The Black Student Movement became increasingly more radical as the '60s progressed. This move was evident in actions like the 1966 Meredith March Against Fear when Stokely Carmichael (Kwame Ture) made remarks about “Black Power” after being arrested in Greenwood, Mississippi.
With Stokely that evening was Cleveland Sellers, program director for the Student Non-Violent Coordinating Committee (SNCC). After many years of work with SNCC, Sellers returned to his native South Carolina. He went to Orangeburg to help organize students in the Black Awareness Coordinating Committee (BACC), a group dedicated to promoting and teaching Black history.
On February 5, 1968 students protested the segregated All Star Bowling Lane around the block from campus. Protests grew in the days following the original action, with students arrested the following night and the National Guard being called into Orangeburg.

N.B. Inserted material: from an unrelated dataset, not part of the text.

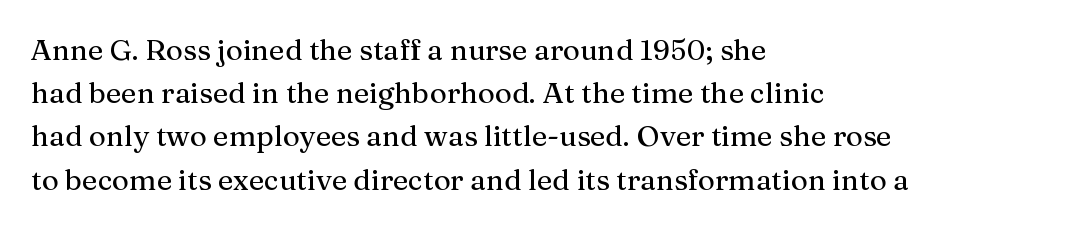
The image shows 29 px serif type, upright; set left-aligned, normal line spacing (1.49x), normal letter spacing, not underlined; medium stroke contrast and a medium x-height.
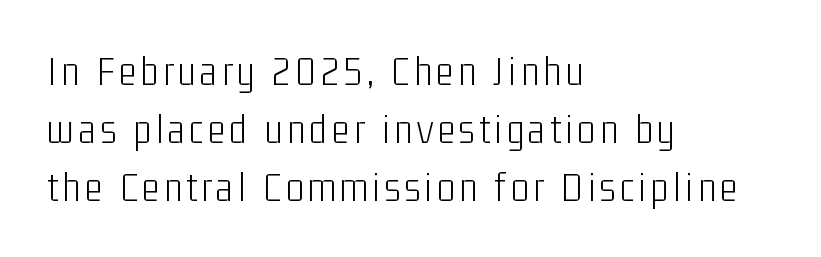
The image shows 42 px light, condensed sans-serif type, upright; set left-aligned, normal line spacing (1.38x), not underlined; low stroke contrast and a medium x-height.

By February 8, 200 students had gathered at the front of South Carolina State College campus and started a bonfire. Firefighters and South Carolina State Highway Patrol officers arrived on the scene. At around 10:30 pm, State Highway Patrol officers opened fire for approximately 10-15 seconds.
At least 29 students were injured (most shot in the back as they ran); three students, Samuel Hammond, Jr. and Henry Smith (both SCSC students) and Delano Middleton (a student at local Wilkinson High School) were killed.